Spanish journalist (1967–2022)

Juan Pablo Colmenarejo Pérez (17 September 1967 – 23 February 2022) was a Spanish radio journalist. He also worked in print and television.

==Biography==
Born in Madrid, Spain, Colmenarejo graduated in Information Sciences from the University of Navarre in 1990. He began working on Radio Nacional de España (RNE) in Pamplona before moving back to his city to work for Cadena COPE for seven years. He presented Infomativo Mediodía from 1995 to 1998. He then moved to Televisión Española and returned to RNE before in 2002, joining Onda Cero to present La brújula.

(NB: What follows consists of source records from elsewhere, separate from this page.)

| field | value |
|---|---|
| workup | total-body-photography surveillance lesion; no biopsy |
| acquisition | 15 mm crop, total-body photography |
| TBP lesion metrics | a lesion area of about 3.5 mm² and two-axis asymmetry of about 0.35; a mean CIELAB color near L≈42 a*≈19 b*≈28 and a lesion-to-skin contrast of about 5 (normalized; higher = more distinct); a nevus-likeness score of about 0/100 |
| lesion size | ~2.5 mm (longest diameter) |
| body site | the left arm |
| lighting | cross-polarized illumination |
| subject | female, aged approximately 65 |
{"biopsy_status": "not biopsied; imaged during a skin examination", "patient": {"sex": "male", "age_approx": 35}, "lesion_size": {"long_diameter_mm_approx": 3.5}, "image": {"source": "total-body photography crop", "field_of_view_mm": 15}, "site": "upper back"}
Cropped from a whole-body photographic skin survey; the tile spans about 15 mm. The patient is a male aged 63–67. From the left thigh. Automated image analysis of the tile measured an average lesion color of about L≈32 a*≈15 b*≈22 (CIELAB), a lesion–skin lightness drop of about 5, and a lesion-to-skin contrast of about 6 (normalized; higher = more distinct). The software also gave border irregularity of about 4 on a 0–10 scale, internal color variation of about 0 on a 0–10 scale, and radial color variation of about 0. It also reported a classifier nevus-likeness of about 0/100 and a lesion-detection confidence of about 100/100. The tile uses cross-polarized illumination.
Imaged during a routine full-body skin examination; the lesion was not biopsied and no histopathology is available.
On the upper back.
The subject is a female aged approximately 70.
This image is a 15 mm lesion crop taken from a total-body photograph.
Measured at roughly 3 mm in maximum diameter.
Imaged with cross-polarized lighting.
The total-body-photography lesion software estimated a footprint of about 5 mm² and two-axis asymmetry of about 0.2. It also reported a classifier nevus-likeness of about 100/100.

Colmenarejo returned to Cadena COPE in 2009, where he presented La linterna, while also writing a blog El grafitero for La Razón. In 2012, he was teaching at his alma mater and a master's degree in journalism at the Universidad CEU San Pablo in Madrid, as well as writing for El Mundo.

In the final four years of his life he presented Buenos días Madrid on Onda Madrid, while also writing a weekly column in ABC. He died from a stroke in Madrid, on 23 February 2022, at the age of 54.

His work was rewarded with awards including an Antena de Plata in 2019, an Antena de Oro in 2004 for La brújula, and a Micrófono de Oro in 2010.